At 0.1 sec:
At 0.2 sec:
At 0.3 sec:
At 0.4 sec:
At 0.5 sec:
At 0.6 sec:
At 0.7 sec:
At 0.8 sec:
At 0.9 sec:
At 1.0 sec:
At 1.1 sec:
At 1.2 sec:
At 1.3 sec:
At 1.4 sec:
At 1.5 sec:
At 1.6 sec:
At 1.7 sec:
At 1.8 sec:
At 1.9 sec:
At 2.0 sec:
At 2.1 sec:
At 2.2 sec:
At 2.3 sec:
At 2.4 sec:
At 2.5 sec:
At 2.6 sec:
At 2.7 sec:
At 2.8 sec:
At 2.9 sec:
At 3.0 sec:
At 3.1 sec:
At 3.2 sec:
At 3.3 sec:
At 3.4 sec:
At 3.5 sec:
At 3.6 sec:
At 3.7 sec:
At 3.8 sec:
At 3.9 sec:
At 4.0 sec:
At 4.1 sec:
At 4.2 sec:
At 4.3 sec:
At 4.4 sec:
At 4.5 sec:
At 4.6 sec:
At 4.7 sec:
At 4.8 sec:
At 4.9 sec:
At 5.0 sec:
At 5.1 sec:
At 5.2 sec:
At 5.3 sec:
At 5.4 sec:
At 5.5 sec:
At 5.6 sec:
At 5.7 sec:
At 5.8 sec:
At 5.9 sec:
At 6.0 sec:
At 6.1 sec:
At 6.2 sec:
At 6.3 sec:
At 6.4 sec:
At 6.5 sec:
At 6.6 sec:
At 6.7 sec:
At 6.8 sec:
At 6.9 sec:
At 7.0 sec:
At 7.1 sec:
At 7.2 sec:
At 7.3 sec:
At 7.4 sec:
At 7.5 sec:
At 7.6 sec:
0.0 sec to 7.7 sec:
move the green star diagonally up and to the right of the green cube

■ ■ ■ ■ ■

> **Try it**:
Every entry is to be printed exactly as given.

> **Solution below**:
At 0.1 sec:
At 0.2 sec:
At 0.3 sec:
At 0.4 sec:
At 0.5 sec:
At 0.6 sec:
At 0.7 sec:
At 0.8 sec:
At 0.9 sec:
At 1.0 sec:
At 1.1 sec:
At 1.2 sec:
At 1.3 sec:
At 1.4 sec:
At 1.5 sec:
At 1.6 sec:
At 1.7 sec:
At 1.8 sec:
At 1.9 sec:
At 2.0 sec:
At 2.1 sec:
At 2.2 sec:
At 2.3 sec:
At 2.4 sec:
At 2.5 sec:
At 2.6 sec:
At 2.7 sec:
At 2.8 sec:
At 2.9 sec:
At 3.0 sec:
At 3.1 sec:
At 3.2 sec:
At 3.3 sec:
At 3.4 sec:
At 3.5 sec:
At 3.6 sec:
At 3.7 sec:
At 3.8 sec:
At 3.9 sec:
At 4.0 sec:
At 4.1 sec:
At 4.2 sec:
At 4.3 sec:
At 4.4 sec:
At 4.5 sec:
At 4.6 sec:
At 4.7 sec:
At 4.8 sec:
At 4.9 sec:
At 5.0 sec:
At 5.1 sec:
At 5.2 sec:
At 5.3 sec:
At 5.4 sec:
At 5.5 sec:
At 5.6 sec:
At 5.7 sec:
At 5.8 sec:
At 5.9 sec:
At 6.0 sec:
At 6.1 sec:
At 6.2 sec:
At 6.3 sec:
At 6.4 sec:
At 6.5 sec:
At 6.6 sec:
At 6.7 sec:
At 6.8 sec:
At 6.9 sec:
At 7.0 sec:
At 7.1 sec:
At 7.2 sec:
At 7.3 sec:
At 7.4 sec:
At 7.5 sec:
At 7.6 sec:
0.0 sec to 7.7 sec:
move the green star diagonally up and to the right of the green cube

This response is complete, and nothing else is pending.